In two games, the Toronto Maple Leafs are 2-0, and while it’s early and we should probably just be happy with the results, there are some pretty concerning things going unnoticed due to all the scoring.
First of all, the Leafs needed an I’ve-been-watching-hockey-my-entire-life-and-have-only-seen-it-once-or-twice two goals with the net empty to beat Montreal, who is likely going to be in competition with San Jose for the worst team in the NHL this year.
Secondly, Minnesota was the way better team on Saturday night, and if things were fair they would have received the two points. The Wild had nearly 60% puck-possession and 60% of the scoring chances, while the Leafs scored on nearly 20% of their 5v5 shots. (stats naturalstattrick.com).
Toronto Maple Leafs Are Fun, but Playing With Fire
The Leafs are scoring on 16% of their shots so far this year. All 31 NHL teams finished last season scoring on between 8 and 11% of their shots.
Obviously Auston Matthews is off to a good start, but 46% is a bit high and if he’s shooting at his normal rate, the Leafs are 0-2.
Ilya Samsonov has been atrocious. He is a Joseph Woll shut-out in the next game away from losing starts.
After two games, four of the Toronto Maple Leafs six defenseman are under water in puck-possession metrics. Only Rielly is winning his minutes by actual results, but by expected goals, four of the six defenseman are above the 50% cut-off when it comes to expected-goals.
The biggest problem has been the Klingberg and McCabe line which is getting completely destroyed every time they hit the ice.
After two games, McCabe has been on the ice for five goals against and one for.
McCabe and Klingberg are losing their minutes by a lot, and they currently have 36% and 37% expected goals, respectively.
The Leafs need to change this immediately because so far it’s the worst top-four in the NHL.
Overall, the game against the Wild was a rough night for almost all the Leafs newest additions. Ryan Reaves was horrendous, with the Leafs getting just 4 shot-attempts with him on the ice while allowing 18.
Noah Gregor was not better, finishing with a 24% Xgoals rating. Klingberg obviously stunk, and the Leafs were completely dusted whenever Domi was on the ice.

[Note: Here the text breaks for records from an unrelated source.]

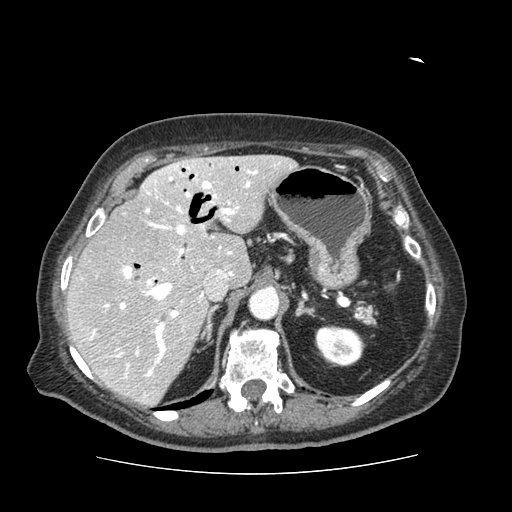 CT image
{
  "pancreas": [
    "(left=356, top=305, right=374, bottom=324)"
  ]
}
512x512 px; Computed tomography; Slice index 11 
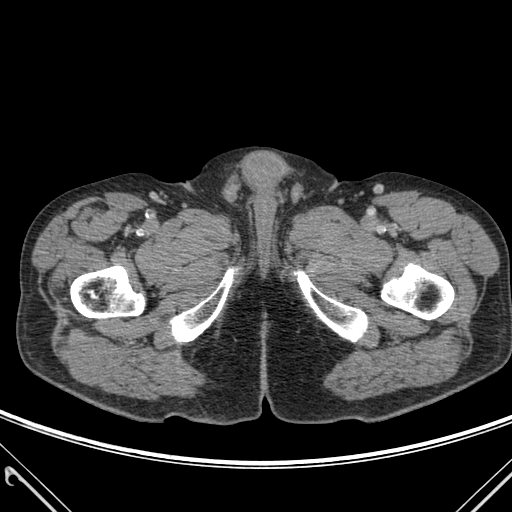

4 bone regions appear at [381, 263, 453, 319], [295, 271, 367, 341], [170, 269, 233, 341], [71, 266, 144, 318].
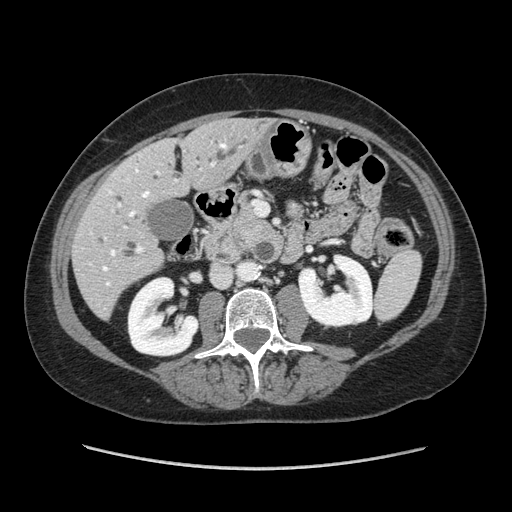 512x512; CT
Pancreas — 231:187:270:252.
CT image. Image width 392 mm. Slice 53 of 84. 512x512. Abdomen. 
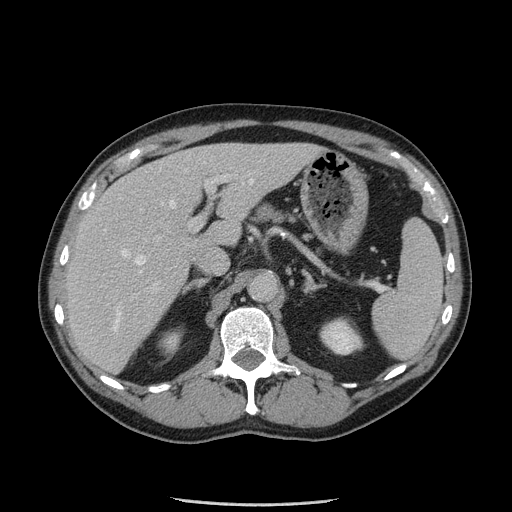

While Bertuzzi scored, even he was below 50% in all relevant on-ice stats.
The Toronto Maple Leafs won, and that’s all that really counts, but underneath all the goal scoring is a team that had trouble beating Montreal and who deserved to lose to the Wild. Going forward, they won’t score this much most nights, so if they continue to play this badly they will have a losing record.
I don’t expect them to, but it is possible. Clearly, after two nights, no one can say that the blue-line wasn’t every bit the problem we predicted it would be in the off-season.